■ Your goal ■
In the listing, locate the line containing "Divers ateliers de", then quote it and all following lines exactly. Omit pictures.
Material provided Block Start
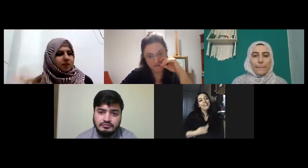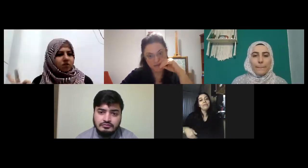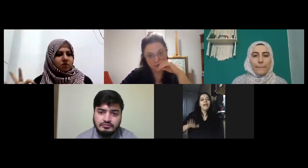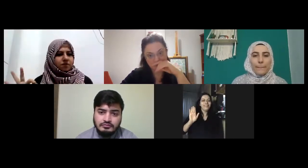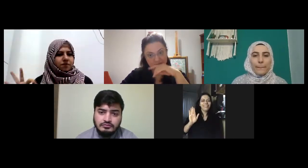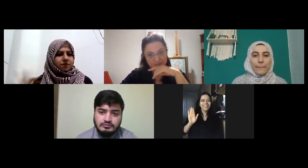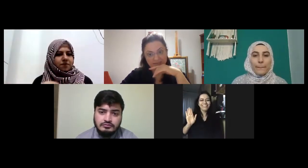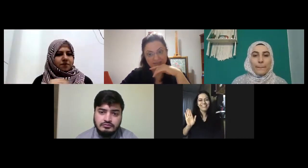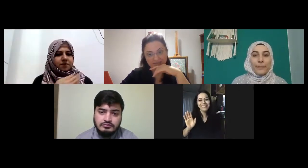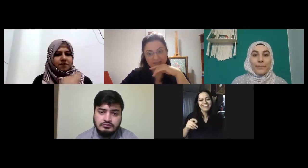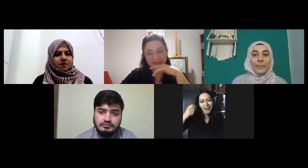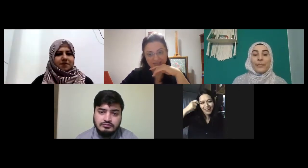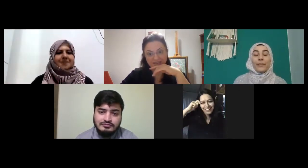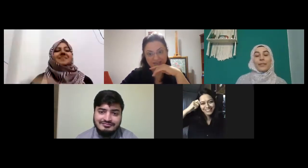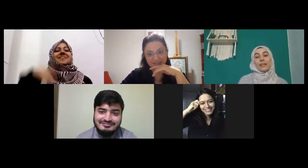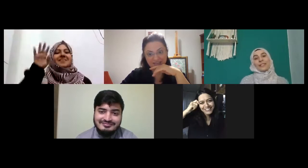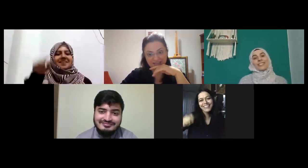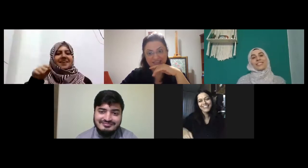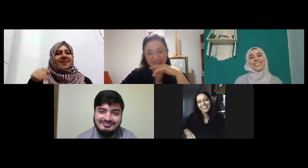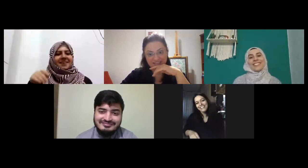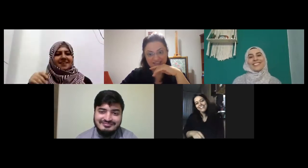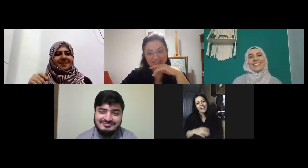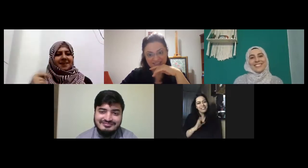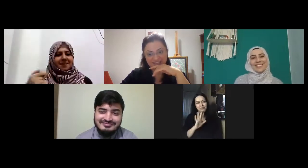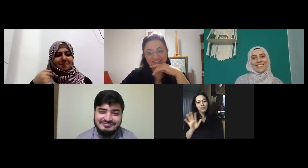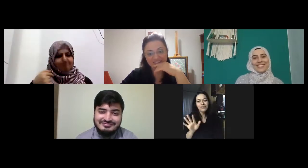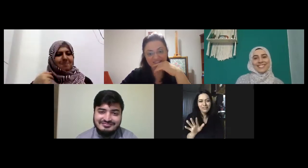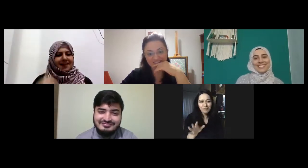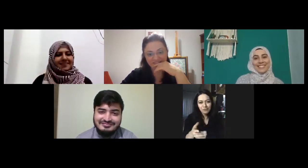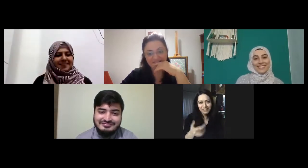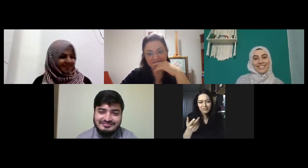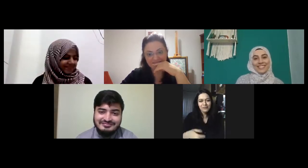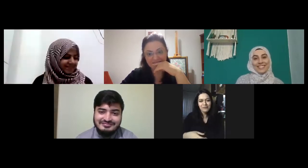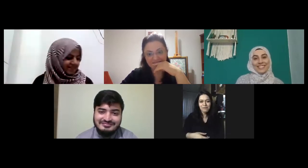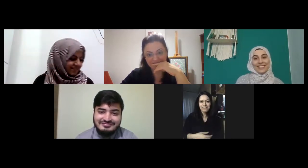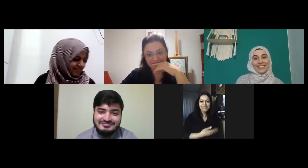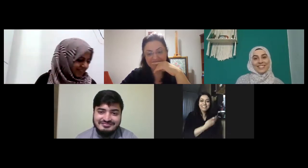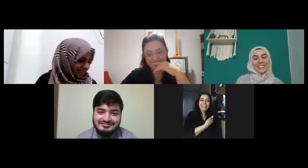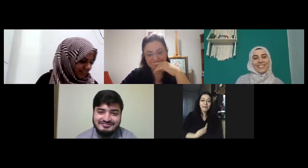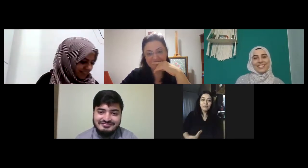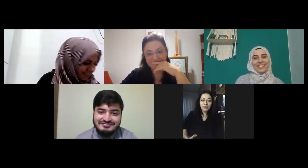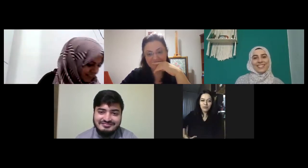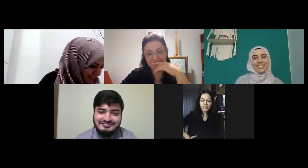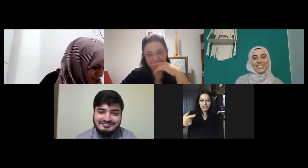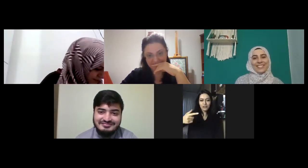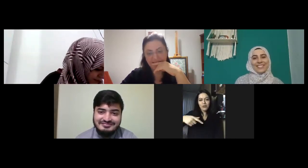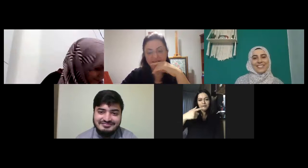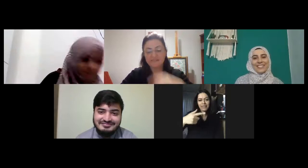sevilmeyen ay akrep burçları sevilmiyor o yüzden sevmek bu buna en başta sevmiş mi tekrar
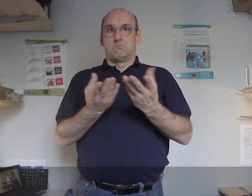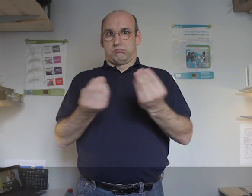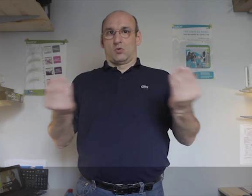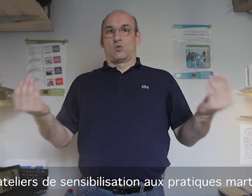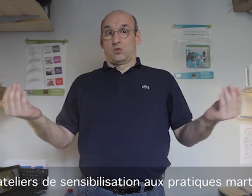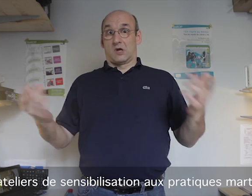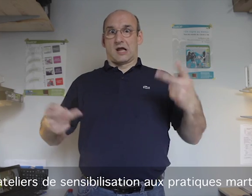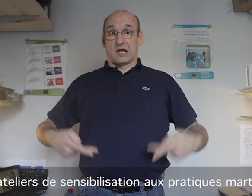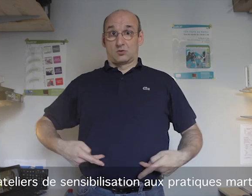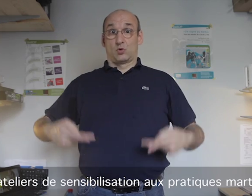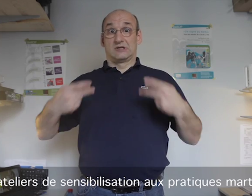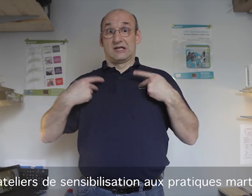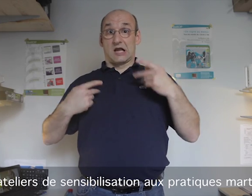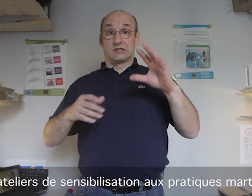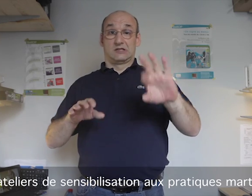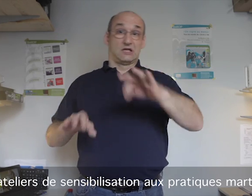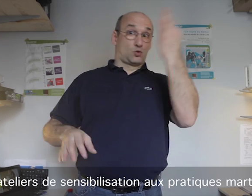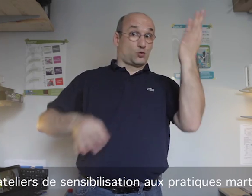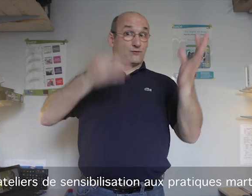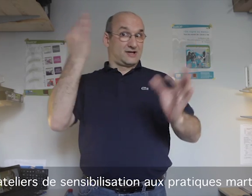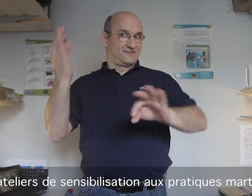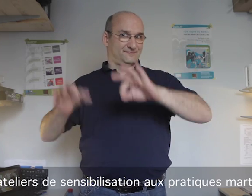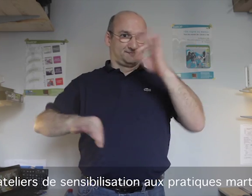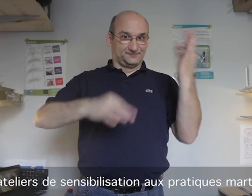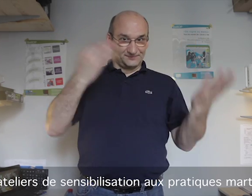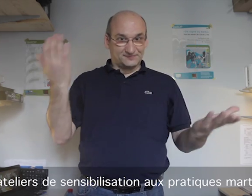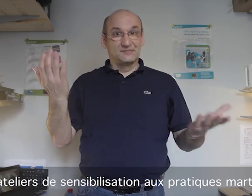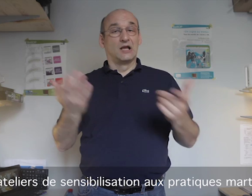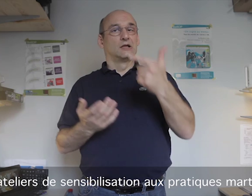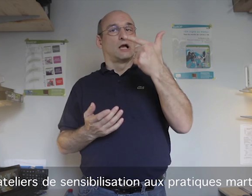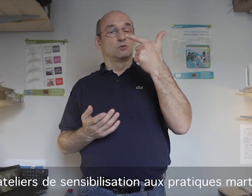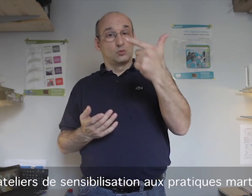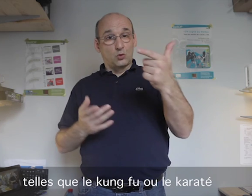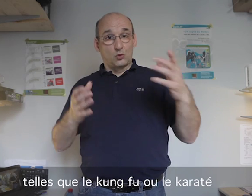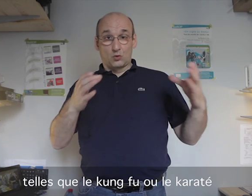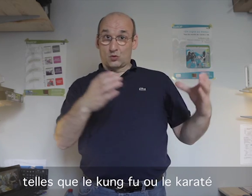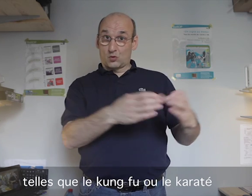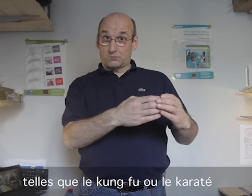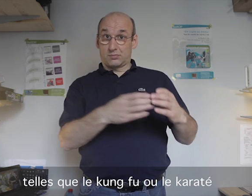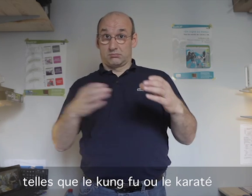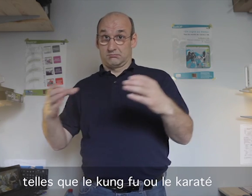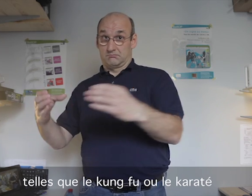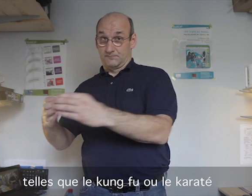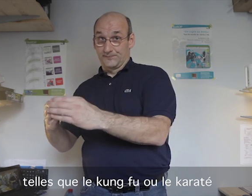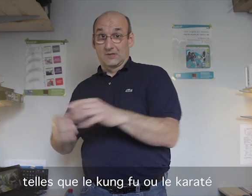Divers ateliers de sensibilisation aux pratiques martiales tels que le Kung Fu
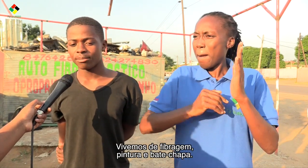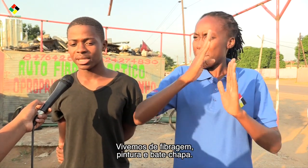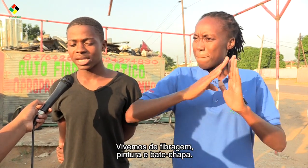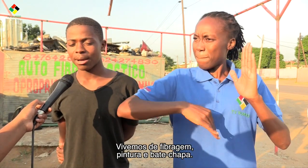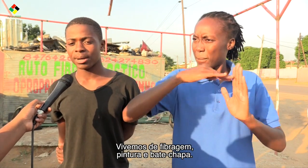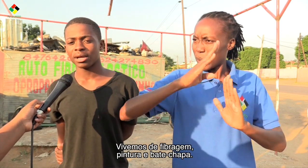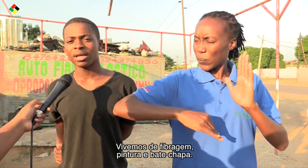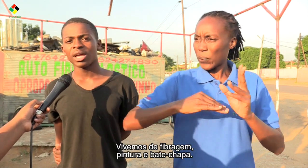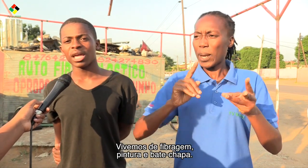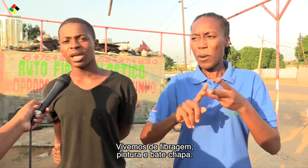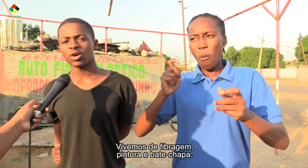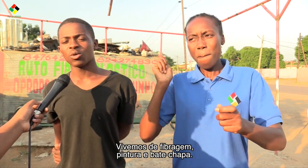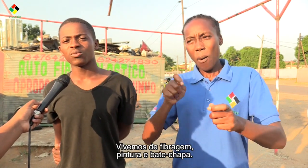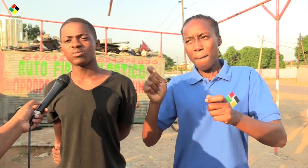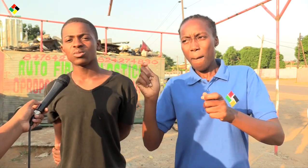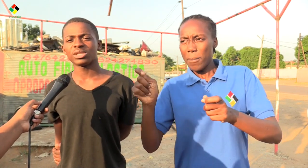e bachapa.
Material provided Block End
■ Result of this task ■
Divers ateliers de sensibilisation aux pratiques martiales tels que le Kung Fu
e bachapa.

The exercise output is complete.